Konferencje kończyły się adoracją przed Jezusem w Najświętszym Sakramencie, przy którym w kaplicy czuwała warta harcerzy. Zawsze w konfesjonale i do góry arenie czekali kapłani, by każdy, kto chciał mógł pojednać się z Bogiem w czasie spowiedzi. Na zakończenie dnia na uczestników czekały Wieczory uwielbienia, które były tak naprawdę wieczorami modlitwy. W sobotę poprowadzili go zespół Ocaleni i Wspólnota Młodość - Lubię to!, a w niedzielę ks. Sawielewicz i muzycznie Jakub Tomalak z przygotowującym się do tego od kilku tygodni Abba Pater Music wraz z 40 uczestnikami kilkudniowych warsztatów pieśni uwielbienia. Wcześniej przed wystawionym Najświętszym Sakramentem modlono się Koronką do Miłosierdzia Bożego i wniesione zostały relikwie z ostrowskich parafii, a poprzedziła je figura Świętego Michała Archanioła. W znaku relikwii obecni więc byli święci i błogosławieni: s. Faustyna, dzieci fatimskie Hiacynta i Franciszek, Carlo Acutis, Joanna Beretta Molla, o. Andrzej Bobola, Jan Paweł II, Zelia i Ludwik Martin, ks. Jana Bosko, biskup Stanisław oraz Hanna Chrzanowska.

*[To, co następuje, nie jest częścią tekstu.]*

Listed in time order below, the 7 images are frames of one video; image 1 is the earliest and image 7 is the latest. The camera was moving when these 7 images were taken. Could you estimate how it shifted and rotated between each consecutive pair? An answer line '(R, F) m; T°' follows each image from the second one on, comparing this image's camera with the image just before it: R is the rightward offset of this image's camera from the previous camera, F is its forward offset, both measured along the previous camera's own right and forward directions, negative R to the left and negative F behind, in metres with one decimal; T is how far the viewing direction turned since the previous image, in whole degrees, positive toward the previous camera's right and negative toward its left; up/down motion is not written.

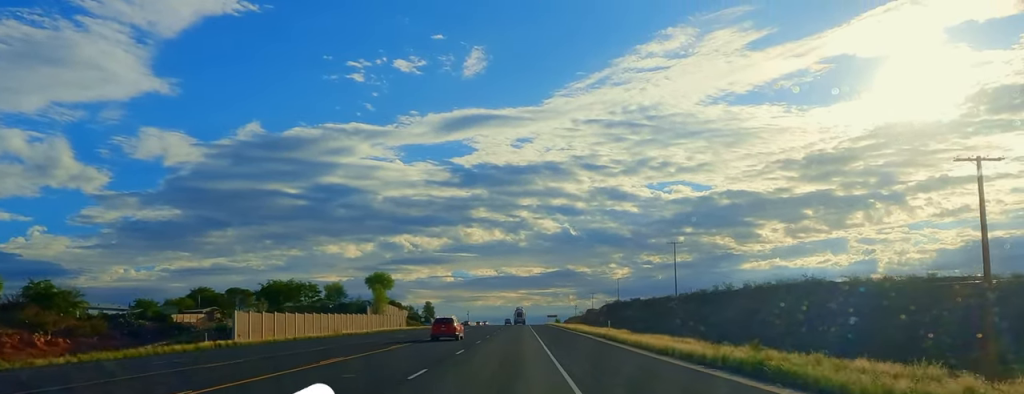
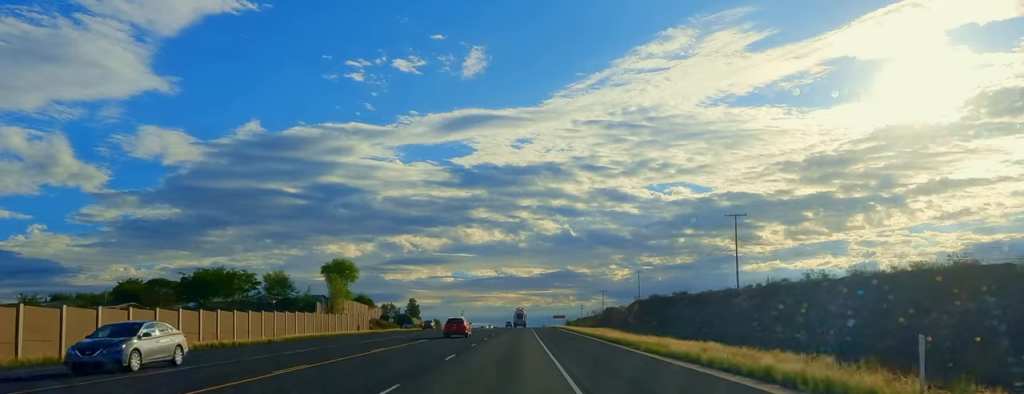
(-0.4, +40.5) m; 0°
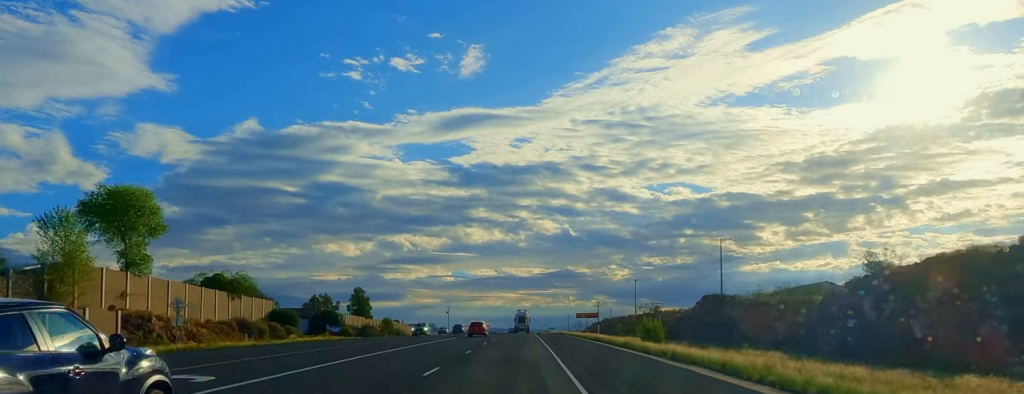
(+1.4, +78.2) m; 0°
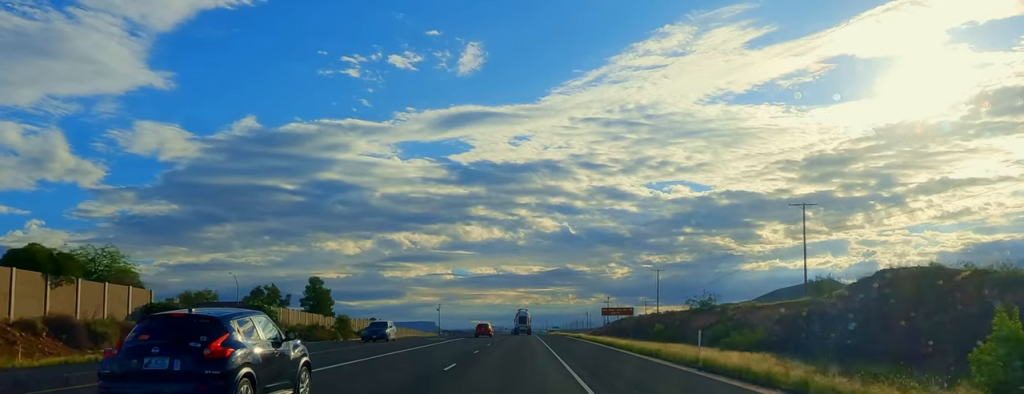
(-0.8, +32.4) m; 0°
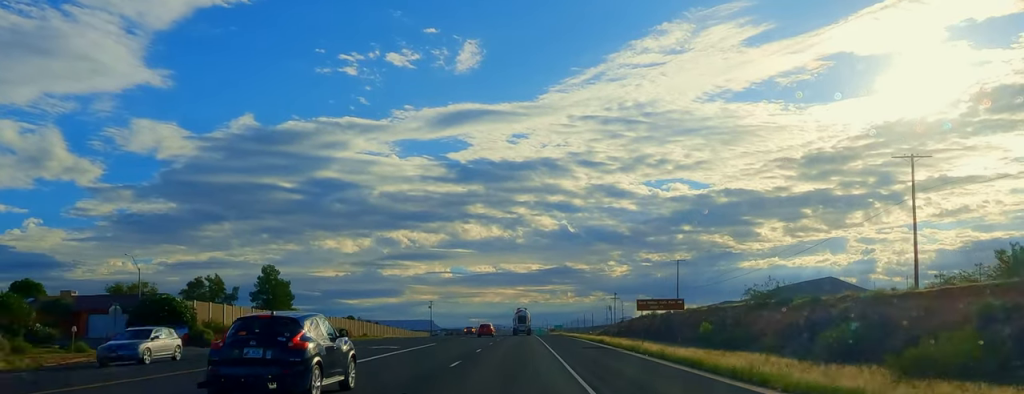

Centrum trzeciego dnia stała się Msza Święta koncelebrowana pod przewodnictwem ks. bpa Damiana Bryla. W homilii przypomniał on, że wygrać życie to pozwolić, by Jezus był obecny w naszym życiu. Mamy modlić się, by dostrzec, że nie jesteśmy sami, że Jezus jest z nami. Po drugie należy przyjąć prawdę, że Jezus zmartwychwstał i do Niego należy ostatnie słowo. Po trzecie warto „prosić Jezusa, aby wlał pokój do naszych serc, a potem pomógł nam wnosić ten pokój do swojej rodziny, miejsca pracy, spotkań, wśród znajomych”, obecnie szczególnie potrzebna jest modlitwa o pokój w Ukrainie. Czwarta podpowiedź Ks. Biskupa to ciągłe dojrzewanie do wiary, dbanie, by nasze serca były otwarte na Jezusa. - Spotkanie ze Zmartwychwstałym zawsze pobudza nas do otwarcia na innych. Wszyscy jesteśmy zaproszeni, żeby dzielić się dobrem. Skoro doświadczamy miłosierdzia od Pana Boga to dzielmy się tym miłosierdziem. Skoro doświadczamy, że On jest miłosierny to bądźmy i my miłosierni. Wygrać życie to nie zatrzymać się tylko na sobie, na swoich potrzebach, swoich pragnieniach, swoich przeżyciach, ale wyjść ku drugiemu człowiekowi. Bardzo chciałbym, żeby takim pięknym owocem tego czasu była gotowość do pomocy, do wyjścia, do służenia – mówił ks. bp Bryl. Całość homilii i retransmisje z tryptyku można obejrzeć na portalu internetowej telewizji Dom Józefa.

Wspierali wolontariusze

W sobotę i niedzielę na uczestników czekały też inne propozycje, czyli coś dla ciała, m.in. można było skorzystać ze znakowania rowerów, rejestracji szpiku kostnego, ćwiczeń z pierwszej pomocy, porad dietetyków, fizjoterapeuty, instruktora personalnego, zajęć z profilaktyki, stoisk ze zdrową żywością św. Hildegardy, książek Romcia Tomcia, prezentacji chemicznych doświadczeń uczniów Szkoły Podstawowej nr 6. Wśród nich Caritas Diecezji Kaliskiej z racji Niedzieli Miłosierdzia i przypadającego wtedy Dnia Dobra przygotował stoisko, gdzie można było np. zmierzyć poziom cukru, ciśnienia i saturacji. - Rozdajemy też podręczne, turystyczne zestawy medyczne, a w nim m.in. plaster, bandaże, matę termiczną, którą stroną srebrną kładziemy, gdy ktoś ma być schłodzony, a złotą kiedy chcemy go ogrzać – tłumaczyła Monika Królikiewicz z „załogą” Caritas Diecezji Kaliskiej.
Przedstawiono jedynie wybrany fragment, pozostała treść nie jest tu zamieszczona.